- [Task directions]: Your answer should be one number: how many lines below hold the word "kind".

- [Dataset records]:

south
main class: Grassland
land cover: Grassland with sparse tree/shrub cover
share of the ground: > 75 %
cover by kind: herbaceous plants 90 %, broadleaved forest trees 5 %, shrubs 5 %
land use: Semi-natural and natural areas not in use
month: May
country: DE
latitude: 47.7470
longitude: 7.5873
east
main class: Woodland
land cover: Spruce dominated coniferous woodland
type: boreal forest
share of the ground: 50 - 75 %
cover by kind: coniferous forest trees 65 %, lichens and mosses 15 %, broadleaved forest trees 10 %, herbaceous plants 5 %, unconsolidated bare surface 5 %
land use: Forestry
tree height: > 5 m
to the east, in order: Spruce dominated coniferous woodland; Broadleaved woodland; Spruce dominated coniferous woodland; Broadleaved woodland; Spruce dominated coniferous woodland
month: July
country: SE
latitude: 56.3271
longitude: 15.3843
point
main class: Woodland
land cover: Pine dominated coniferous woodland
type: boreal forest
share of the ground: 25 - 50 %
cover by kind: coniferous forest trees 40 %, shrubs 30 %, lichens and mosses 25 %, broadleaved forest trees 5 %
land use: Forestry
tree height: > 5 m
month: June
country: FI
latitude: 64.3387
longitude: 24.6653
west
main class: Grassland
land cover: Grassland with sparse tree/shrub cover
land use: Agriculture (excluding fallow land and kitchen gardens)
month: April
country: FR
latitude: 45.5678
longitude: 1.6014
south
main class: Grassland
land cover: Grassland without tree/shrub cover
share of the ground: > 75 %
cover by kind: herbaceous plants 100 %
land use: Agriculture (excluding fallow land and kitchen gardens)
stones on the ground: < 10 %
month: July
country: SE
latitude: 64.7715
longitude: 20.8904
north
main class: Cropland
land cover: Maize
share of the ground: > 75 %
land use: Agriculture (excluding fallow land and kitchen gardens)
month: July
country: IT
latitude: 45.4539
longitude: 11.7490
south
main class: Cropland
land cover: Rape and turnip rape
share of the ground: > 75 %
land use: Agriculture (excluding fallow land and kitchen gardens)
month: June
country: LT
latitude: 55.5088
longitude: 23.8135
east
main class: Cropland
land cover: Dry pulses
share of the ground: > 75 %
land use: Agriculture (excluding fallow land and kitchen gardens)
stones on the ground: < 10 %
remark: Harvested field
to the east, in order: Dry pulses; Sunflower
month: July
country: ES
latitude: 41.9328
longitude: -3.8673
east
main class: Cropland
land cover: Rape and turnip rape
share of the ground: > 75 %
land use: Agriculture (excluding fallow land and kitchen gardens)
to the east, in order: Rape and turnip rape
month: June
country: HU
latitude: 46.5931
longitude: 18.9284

- [Finished task]: 4